Geneva, Switzerland, Sunday, May 17, 2026 – Sierra Leone’s Minister of Health, Dr. Austin Demby, has spotlighted the country’s landmark health governance reforms before African Health Ministers and global health partners on the sidelines of the 79th World Health Assembly (WHA79) in Geneva.

Speaking during a high-level panel discussion on sustained health financing, Dr.
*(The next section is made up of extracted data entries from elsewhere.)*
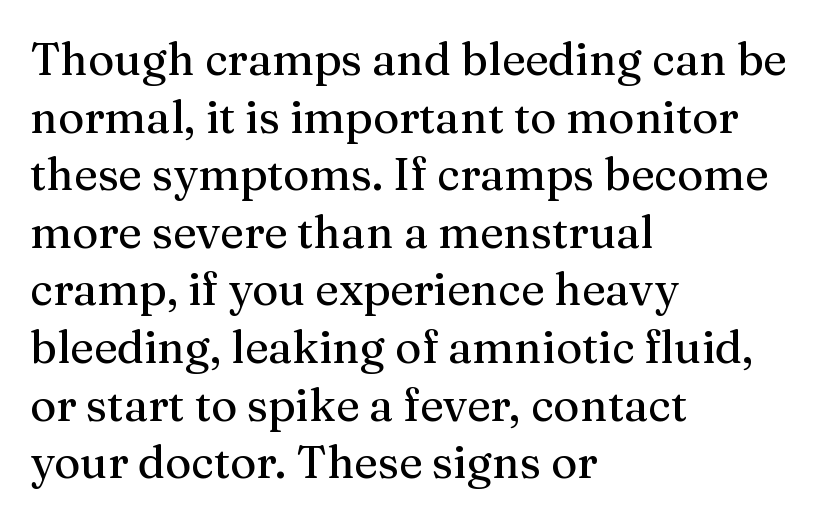
{"serif": "yes", "italic": "no", "width": "normal", "stroke_contrast": "medium", "x_height": "medium", "monospaced": "no", "underline": "no", "align": "left", "line_spacing": "normal", "line_spacing_ratio": 1.28, "letter_spacing": "normal", "letter_spacing_em": 0.0, "glyph_px": 45}
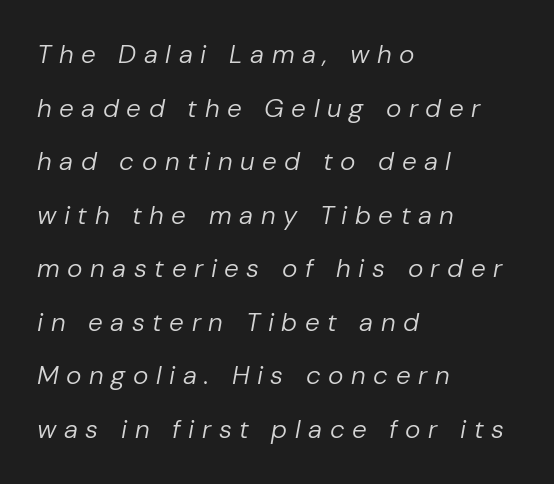
Rendered with sloped, italic letterforms. The text block is weighted toward the left margin, trailing off unevenly rightward. Descenders hang freely into open space. The rendering uses a large line-height, opening up the rows.
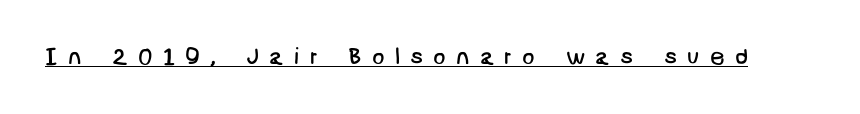
Stems here are at most as thick as an everyday book face. Is there an underline? Yes — a line sits under the letters. The letters are spread apart with noticeably loose tracking.
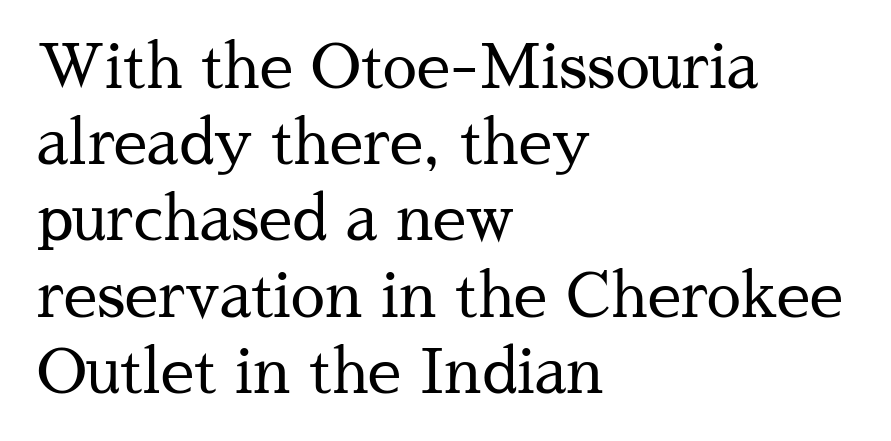
The image shows 61 px regular-weight serif type, upright; set left-aligned, normal line spacing (1.25x), normal letter spacing, not underlined; medium stroke contrast and a medium x-height.
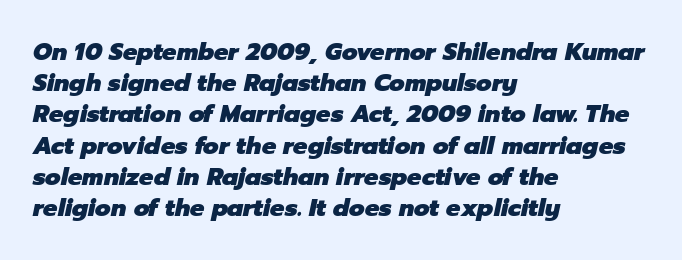
When letters slant like this, we call the style italic. Summary of weight: heavy, a full bold. Rule under the text: the space is simply empty. Vertically, the passage feels balanced, rows spaced as you'd expect. The ragged edge is on the right, which tells us the setting is flush left. Does extra space separate the letters? No, they use regular spacing.
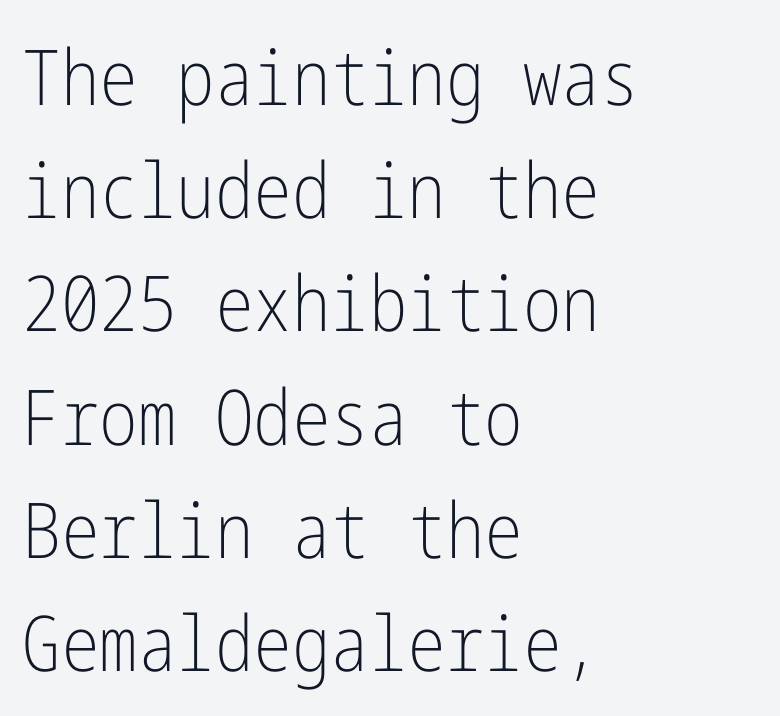
The image shows 77 px light, condensed sans-serif type, upright; set left-aligned, normal line spacing (1.47x), normal letter spacing, not underlined; low stroke contrast and a medium x-height.
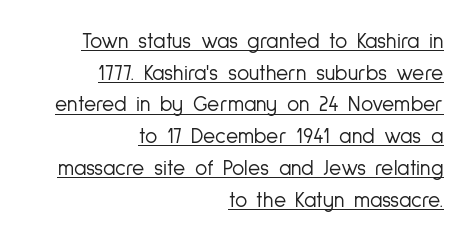
The letters stand straight up with perfectly vertical stems. Each new line begins a customary step beneath the previous one. Heaviness? Minimal to ordinary, like unemphasized prose. The specimen includes a rule beneath the text block's lines. Caption: standard tracking, unaltered.
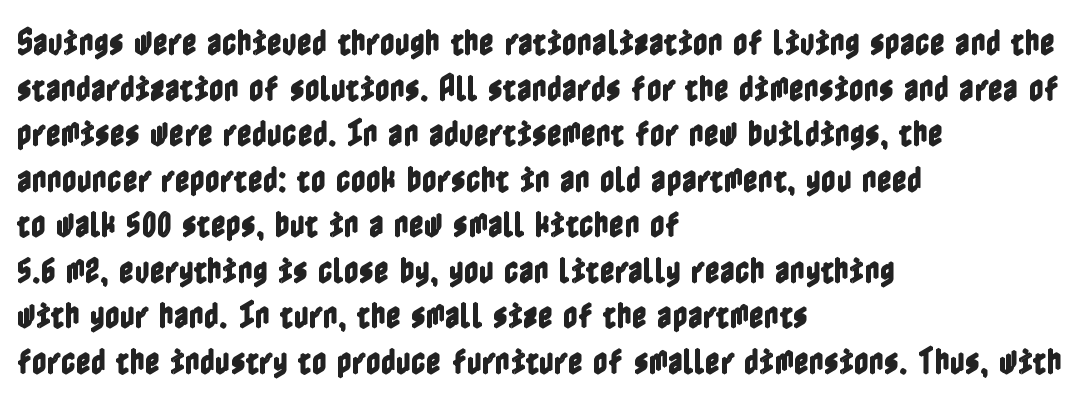
{"italic": "no", "width": "condensed", "x_height": "medium", "underline": "no", "align": "left", "line_spacing": "normal", "line_spacing_ratio": 1.57, "letter_spacing": "normal", "letter_spacing_em": 0.0, "glyph_px": 29}
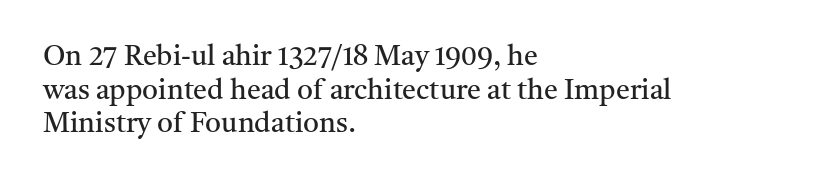
Q: Is the text bold? A: No.
Q: Is the text italic (slanted)? A: No, it is upright.
Q: Is the typeface a serif or a sans-serif typeface? A: Serif.
Q: Is the text underlined? A: No.
Q: How is the paragraph aligned? A: Left-aligned.
Q: Is the spacing between letters normal or unusually wide? A: Normal.
Q: Width (condensed, normal, or wide)? A: Normal.
Q: Stroke contrast? A: Medium.
Q: x-height? A: Medium.
Q: Monospaced? A: No.
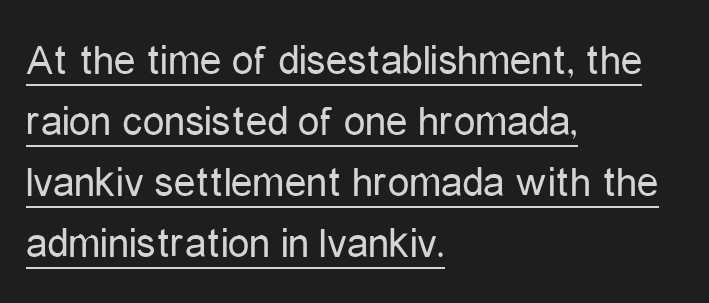
The image shows 43 px regular-weight, condensed sans-serif type, upright; set left-aligned, normal line spacing (1.42x), normal letter spacing, underlined; low stroke contrast and a medium x-height.
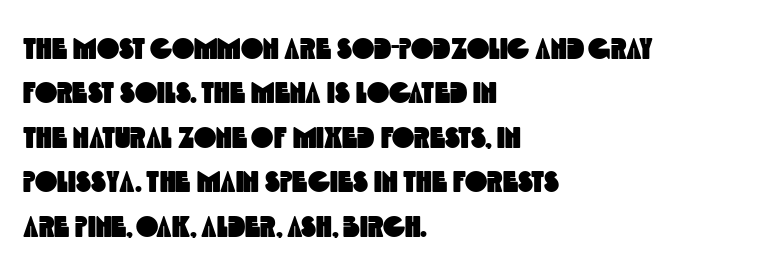
{"serif": "no", "width": "condensed", "x_height": "large", "monospaced": "no", "underline": "no", "align": "left", "line_spacing": "normal", "line_spacing_ratio": 1.48, "letter_spacing": "normal", "letter_spacing_em": 0.0, "glyph_px": 30}
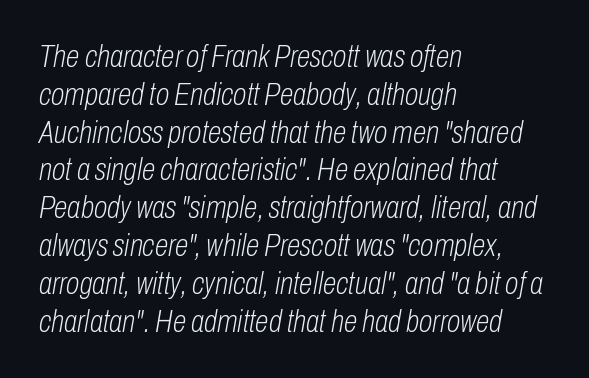
Q: Is the text bold? A: No.
Q: Is the text italic (slanted)? A: Yes, it leans right by about 10 degrees.
Q: Is the text underlined? A: No.
Q: How is the paragraph aligned? A: Left-aligned.
Q: Is the spacing between letters normal or unusually wide? A: Normal.
Q: Width (condensed, normal, or wide)? A: Condensed.
Q: Stroke contrast? A: Low.
Q: x-height? A: Medium.
Q: Monospaced? A: No.
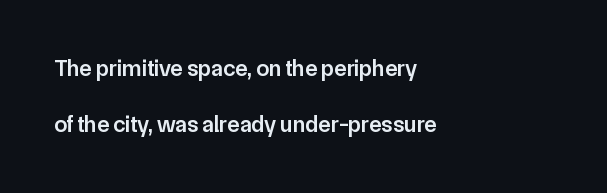
The type is set solid horizontally, with unmodified tracking. Airy leading. Is the block centered? No — it sits flush against the left margin. Characters remain perfectly vertical along every line. The passage shown is semibold, sitting just below true bold. Plain, unruled lines of type.
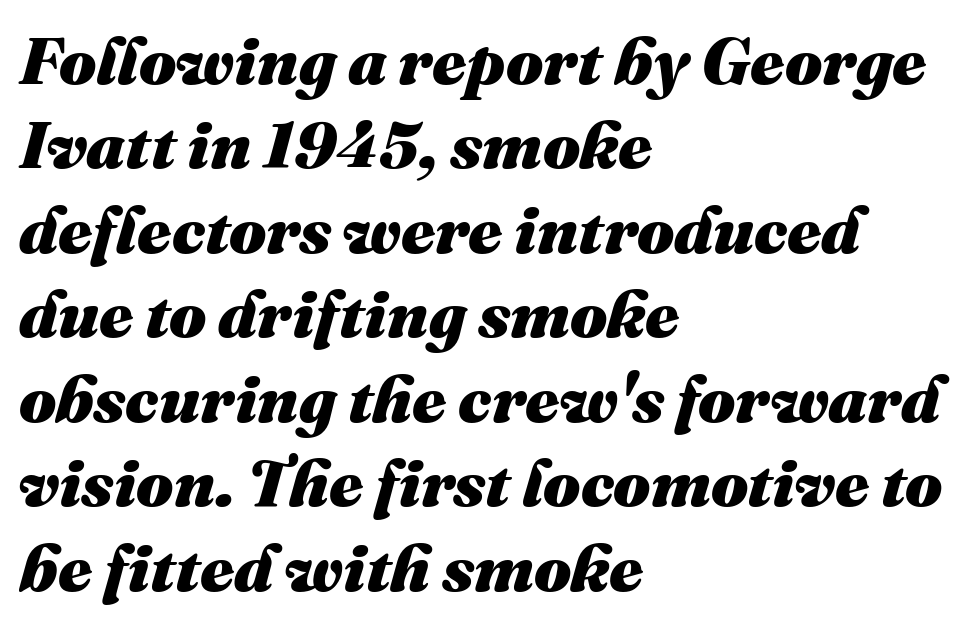
{"italic": "yes", "lean": "right", "slant_degrees": 16, "bold": "yes", "weight": "heavy", "width": "normal", "stroke_contrast": "medium", "x_height": "medium", "monospaced": "no", "underline": "no", "align": "left", "line_spacing": "normal", "line_spacing_ratio": 1.28, "letter_spacing": "normal", "letter_spacing_em": 0.0, "glyph_px": 66}
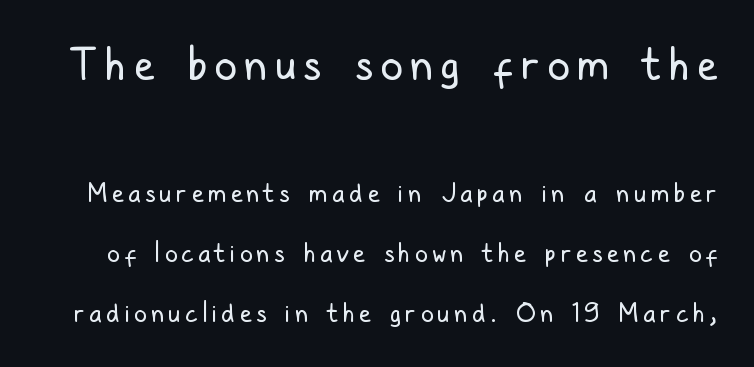
Q: Is the text bold? A: No.
Q: Is the text italic (slanted)? A: No, it is upright.
Q: Is the typeface a serif or a sans-serif typeface? A: Sans-serif.
Q: Is the text underlined? A: No.
Q: Is the spacing between lines tight, normal or loose? A: Loose.
Q: Which block of text is set in a larger size, the first (top) or the second (bottom)? A: The first (top) one.
Q: Width (condensed, normal, or wide)? A: Condensed.
Q: Stroke contrast? A: Low.
Q: x-height? A: Medium.
Q: Monospaced? A: No.
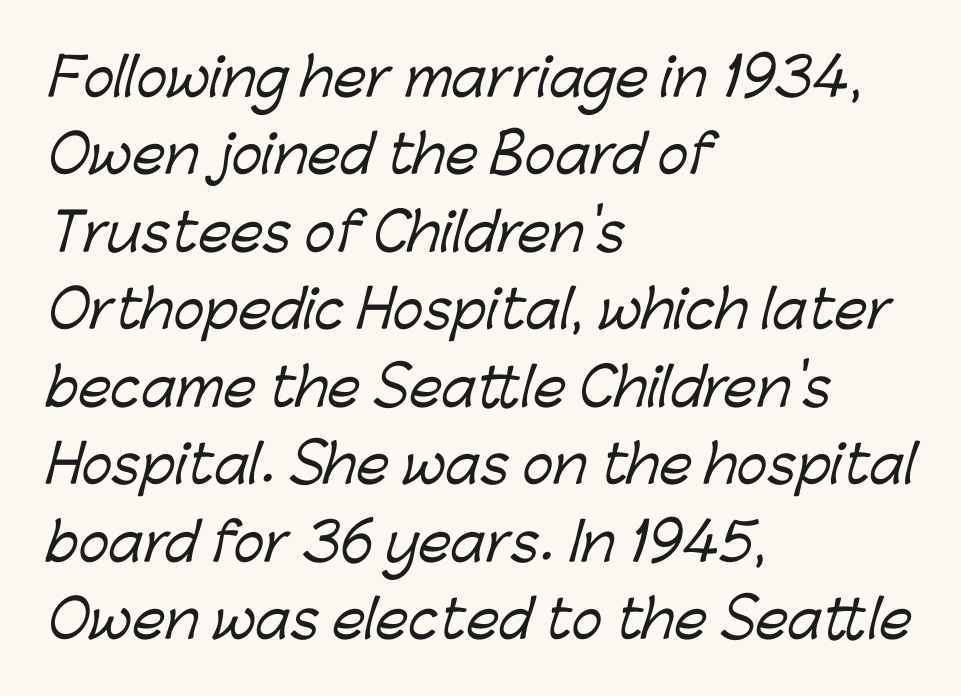
{"serif": "no", "width": "normal", "stroke_contrast": "low", "x_height": "medium", "monospaced": "no", "underline": "no", "align": "left", "line_spacing": "normal", "line_spacing_ratio": 1.49, "letter_spacing": "normal", "letter_spacing_em": 0.0, "glyph_px": 52}

Demby outlined Sierra Leone’s concrete strides toward Universal Health Coverage and resilient health systems, as calls for reform of the global health architecture intensify amid efforts to streamline fragmented systems and strengthen international crisis response.

The Minister told delegates that in December 2025, Sierra Leone launched the National Health Compact in Tokyo, a unified governance framework operating on one plan, one budget, and one reporting structure, co-signed by every major development partner and jointly governed by the Ministries of Health and Finance.

“That is neither aspirational nor a framework on paper. It is the system we now govern from,” Dr. Demby said.

Dr. Demby highlighted the government’s investment in digital health innovation, including a real-time pregnancy tracking system he credited with driving a 70 percent reduction in maternal deaths. He added that on March 1, 2026, President Bio launched the 300 Days of Activism for Triple Zeros , a presidential accountability campaign tracking every maternal death, every child death, and every unvaccinated child in real time, district by district.

“At Day 75, maternal deaths are running 60 percent below the 2025 baseline. That is acceleration with a countdown attached,” he said.

On domestic financing, the Minister outlined a multi-pronged strategy anchored in the Abuja Declaration’s 15 percent health budget commitment. Sierra Leone, he said, is pursuing debt swaps for health investment, building health tax revenues from tobacco, alcohol, sugar-sweetened beverages, and high-fat, salt and sugar-laden packaged foods, while constructing the Sierra Leone Social Health Insurance scheme, SLeSHI, to ensure domestic financing remains equitable and sustainable.

Concluding his remarks, Dr. Demby struck a note of candour, urging partner nations to draw lessons rather than copy models.

“We can tell you what required political will, where partners pushed back, and what the accountability system looks like when it is actually running. It is not perfect. But the traction is real, and we are willing to share both the progress and the problems with any delegation in this room,” he said.